• D. L. Scott


In the last ten years there have been a number of placebo-controlled studies of penicillamine in rheumatoid arthritis. All of these show it to be better than placebo.

Prospective controlled studies and uncontrolled evaluations of the drug in clinical practice show that it reduces the degree of acute synovial inflammation, reduces the elevated ESR of active disease, and also lowers other acute-phase changes. It has more debatable effects on immunological abnormalities and other variables such as glutathione and sulphydryl levels, but these all show some evidence of improvement. There is little direct evidence that it reduces the chronic progressive joint destruction of rheumatoid synovitis, which can be measured radiologically. It often causes adverse reactions, is often ineffective, and although it improves many variables these do not often return completely to normal. There is minimal evidence that it actually changes the long-term outcome in rheumatoid disease.

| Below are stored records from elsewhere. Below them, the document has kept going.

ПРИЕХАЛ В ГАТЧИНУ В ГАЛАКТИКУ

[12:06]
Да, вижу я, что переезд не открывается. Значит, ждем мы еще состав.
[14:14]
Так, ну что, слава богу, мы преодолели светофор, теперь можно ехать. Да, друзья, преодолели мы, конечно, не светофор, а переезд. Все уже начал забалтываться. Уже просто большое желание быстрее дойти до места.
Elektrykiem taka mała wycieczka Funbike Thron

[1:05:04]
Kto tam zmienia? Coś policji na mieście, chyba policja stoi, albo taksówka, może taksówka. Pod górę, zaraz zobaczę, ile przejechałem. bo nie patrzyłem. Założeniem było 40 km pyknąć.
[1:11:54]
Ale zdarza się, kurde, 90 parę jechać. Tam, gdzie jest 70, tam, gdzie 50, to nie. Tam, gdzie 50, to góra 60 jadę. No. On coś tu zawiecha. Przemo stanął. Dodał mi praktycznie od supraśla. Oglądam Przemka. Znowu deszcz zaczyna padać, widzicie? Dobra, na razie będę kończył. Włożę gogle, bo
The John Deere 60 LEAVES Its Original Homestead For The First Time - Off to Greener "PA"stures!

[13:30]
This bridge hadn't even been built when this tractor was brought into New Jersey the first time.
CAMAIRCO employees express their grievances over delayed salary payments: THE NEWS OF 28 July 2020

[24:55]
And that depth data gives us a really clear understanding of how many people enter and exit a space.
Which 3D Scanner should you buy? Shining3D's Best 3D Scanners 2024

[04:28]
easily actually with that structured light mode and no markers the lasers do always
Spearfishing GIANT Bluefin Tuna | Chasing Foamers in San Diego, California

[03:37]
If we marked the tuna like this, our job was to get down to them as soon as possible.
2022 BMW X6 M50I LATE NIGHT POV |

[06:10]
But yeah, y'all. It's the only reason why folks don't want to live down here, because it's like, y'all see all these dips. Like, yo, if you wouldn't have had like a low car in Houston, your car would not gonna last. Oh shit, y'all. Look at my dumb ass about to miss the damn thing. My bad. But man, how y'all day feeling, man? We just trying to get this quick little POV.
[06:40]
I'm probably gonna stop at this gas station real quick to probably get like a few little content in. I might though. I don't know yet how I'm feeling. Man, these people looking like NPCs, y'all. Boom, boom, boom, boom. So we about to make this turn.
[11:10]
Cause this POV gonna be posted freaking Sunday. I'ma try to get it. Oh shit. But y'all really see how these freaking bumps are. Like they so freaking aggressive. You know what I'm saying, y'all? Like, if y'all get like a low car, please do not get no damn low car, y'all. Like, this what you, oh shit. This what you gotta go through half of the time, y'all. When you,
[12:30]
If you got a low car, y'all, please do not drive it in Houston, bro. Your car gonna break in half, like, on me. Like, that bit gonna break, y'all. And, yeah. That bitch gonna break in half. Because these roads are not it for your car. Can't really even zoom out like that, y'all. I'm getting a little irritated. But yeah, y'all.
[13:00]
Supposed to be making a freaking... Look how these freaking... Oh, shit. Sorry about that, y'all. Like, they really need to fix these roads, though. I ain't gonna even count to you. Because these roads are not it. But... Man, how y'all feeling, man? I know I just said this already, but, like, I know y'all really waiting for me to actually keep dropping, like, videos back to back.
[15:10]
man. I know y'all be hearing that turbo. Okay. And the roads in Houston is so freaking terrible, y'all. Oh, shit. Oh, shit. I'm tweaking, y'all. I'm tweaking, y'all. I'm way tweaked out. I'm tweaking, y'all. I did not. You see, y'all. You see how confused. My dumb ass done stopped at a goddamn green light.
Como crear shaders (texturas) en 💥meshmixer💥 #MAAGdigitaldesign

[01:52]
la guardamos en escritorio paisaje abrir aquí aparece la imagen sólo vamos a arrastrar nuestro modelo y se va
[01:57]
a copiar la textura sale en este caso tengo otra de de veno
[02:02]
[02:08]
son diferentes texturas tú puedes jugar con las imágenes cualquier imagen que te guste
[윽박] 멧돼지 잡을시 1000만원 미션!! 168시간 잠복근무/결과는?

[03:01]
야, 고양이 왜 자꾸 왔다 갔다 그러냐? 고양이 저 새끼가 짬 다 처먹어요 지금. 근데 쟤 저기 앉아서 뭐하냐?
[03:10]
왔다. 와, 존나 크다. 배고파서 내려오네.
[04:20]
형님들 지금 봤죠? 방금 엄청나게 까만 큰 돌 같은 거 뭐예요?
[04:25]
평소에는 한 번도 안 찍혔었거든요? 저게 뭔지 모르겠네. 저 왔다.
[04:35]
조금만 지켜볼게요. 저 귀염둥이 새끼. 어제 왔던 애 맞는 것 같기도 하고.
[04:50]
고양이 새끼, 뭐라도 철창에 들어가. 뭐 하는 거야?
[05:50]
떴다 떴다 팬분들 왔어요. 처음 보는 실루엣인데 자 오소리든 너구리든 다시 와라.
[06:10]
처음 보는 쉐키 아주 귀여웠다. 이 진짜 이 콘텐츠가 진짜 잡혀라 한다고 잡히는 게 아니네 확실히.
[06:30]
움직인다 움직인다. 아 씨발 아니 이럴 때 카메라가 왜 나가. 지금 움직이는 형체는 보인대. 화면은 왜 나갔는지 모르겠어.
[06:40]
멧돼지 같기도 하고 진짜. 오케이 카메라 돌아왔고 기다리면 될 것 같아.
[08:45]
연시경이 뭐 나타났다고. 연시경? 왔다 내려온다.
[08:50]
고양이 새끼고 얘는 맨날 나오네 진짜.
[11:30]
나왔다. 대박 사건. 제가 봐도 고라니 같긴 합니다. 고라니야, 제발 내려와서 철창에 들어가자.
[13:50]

Interpretation of the studies indicates that penicillamine is a useful antirheumatic drug. The question is how to improve upon therapy. There are several methods open, including the use of combinations of second-line drugs, or starting treatment with drugs like penicillamine very early in the course of the disease. Will further placebo-controlled trials help resolve these questions or do we need another type of approach? As all the traditional studies have a very high dropout rate their conclusions have certain limitations and there is a need for a different type of study. The value of the traditional approach to testing drugs like penicillamine is clearly very limited.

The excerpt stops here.